The report introduced methodology to measure carbon footprint of five industrial domains: (i) smart networks, (ii) smart cities/buildings, (iii) connected mobility, (iv) precision farming, and (v) smart manufacturing. It focuses, respectively, on (pp. 46-57): 

  1. Electricity 
  2. Building environment 
  3. Mobility and transport 
  4. Food, forestry, and biodiversity 
  5. Industry and manufacturing 

Key takeaways:

  1. Focus on smart digital technologies: clean digital technologies can enable climate action and environmental sustainability by improving efficiency, facilitating the circular economy, and reducing emissions and pollution.

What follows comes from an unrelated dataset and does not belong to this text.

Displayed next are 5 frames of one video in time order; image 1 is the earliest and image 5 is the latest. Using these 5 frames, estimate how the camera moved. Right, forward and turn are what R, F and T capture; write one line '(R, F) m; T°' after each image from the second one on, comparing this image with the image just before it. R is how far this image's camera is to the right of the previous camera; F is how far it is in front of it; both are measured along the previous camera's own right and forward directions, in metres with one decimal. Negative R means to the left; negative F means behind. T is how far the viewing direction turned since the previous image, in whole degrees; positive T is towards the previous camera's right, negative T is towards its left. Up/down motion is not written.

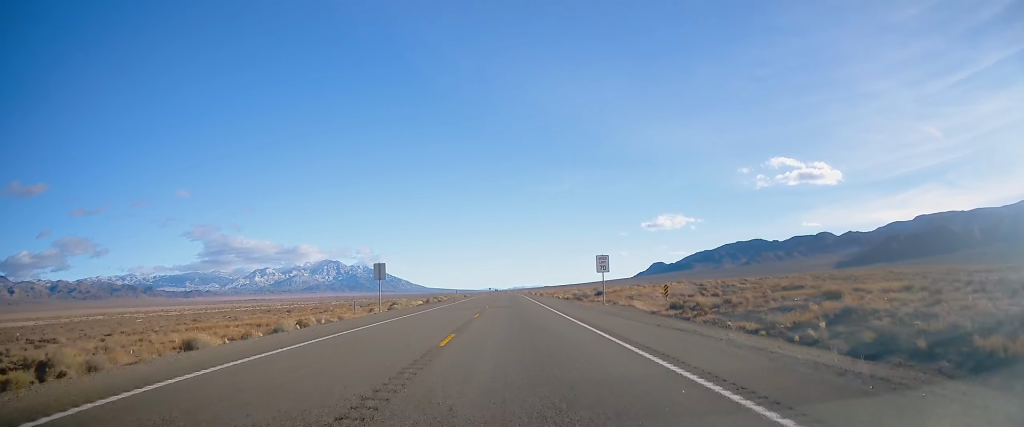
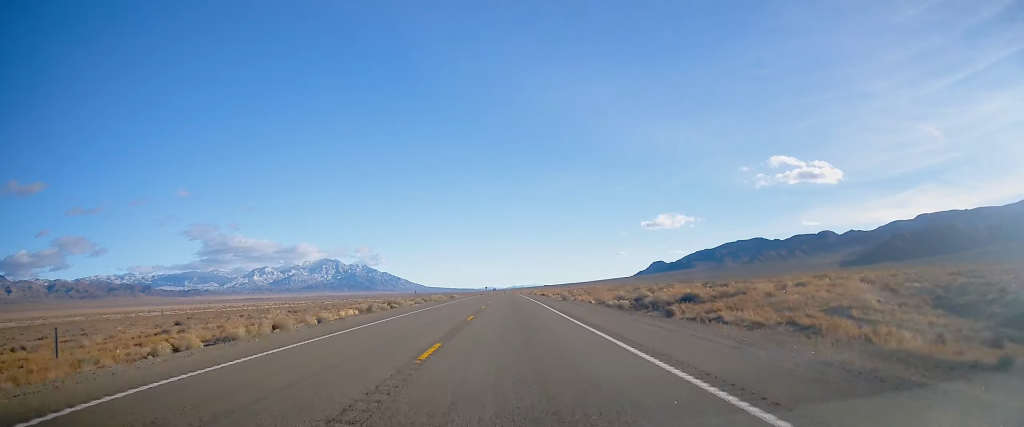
(+0.4, +38.9) m; 0°
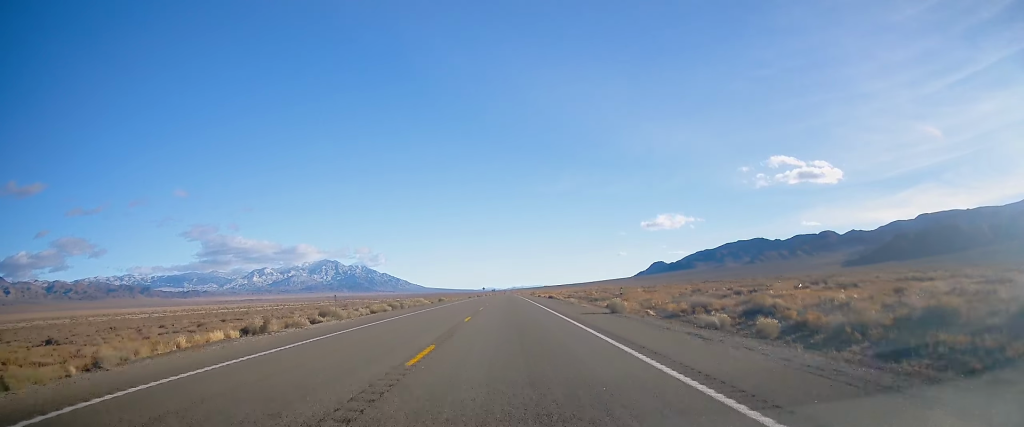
(0.0, +24.4) m; -1°
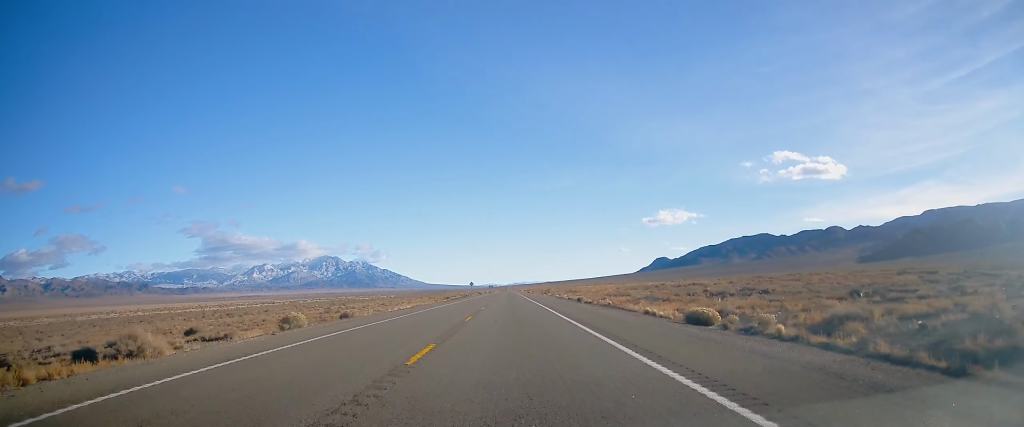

  2. Avoided emissions calculation: updated equations for calculating avoided carbon emissions in industrial sectors using ICT, focusing on baseline industrial scenarios supported by ICT solutions and green-enabled scenarios with advanced ICT solutions.


  3. Closed loop recycling: Consideration of the impact of closed-loop recycling/allocation processes on carbon emissions calculations.

Some clarifications on points 2 (avoided emissions calculation) and 3 (closed loop recycling):
This second version of the report updates the equations from its first version to calculate avoided carbon emissions in industrial sectors using ICT (pp.79-94 of the second report). It compares two versions of the same industrial scenario:

  1. Baseline (industrial) Scenario (Bs): This scenario uses an ICT infrastructure/solution (ictBs) for connectivity and emission reduction. If recycling is involved, it’s denoted as Bs_rcyc. 

  2. Green Enabled Scenario (Gr): This scenario uses an advanced ICT infrastructure/solution (ictGr) to replace ictBs features and reduce carbon emissions. If recycling is involved, it’s denoted as Gr_rcyc. 

The equations for calculating avoided carbon emissions consider factors like service type and ICT infrastructure load over time. Two types of equations are derived: 

  1. Total Avoided Carbon Emission (no recycling). 

  2. Total Avoided Carbon Emission (with recycling). 

Reusing entities/components will be addressed in future versions. 

Additionally, this report introduces a proposal for calculating the Total ICT Avoided Carbon Emissions metric, which measures the carbon emission benefits of replacing ictBs with ictGr in industrial scenarios. 

The way forward:

  1. Environmentally sound design and deployment of digital technologies:
    Minimise the carbon footprint of ICT (IoT and Edge computing).
    1. Measurement Challenges: Measuring ICT’s carbon reduction benefits is challenging; initiatives like the European Green Deal Coalition (EGDC) can assist.
    2. Standardized Metrics: Use standardized connectivity-related metrics to help stakeholders compare and evaluate the carbon reduction benefits of different solutions.
    3. Scope 3 Impacts: Include scope 3 impacts in CO2 e-footprint calculations.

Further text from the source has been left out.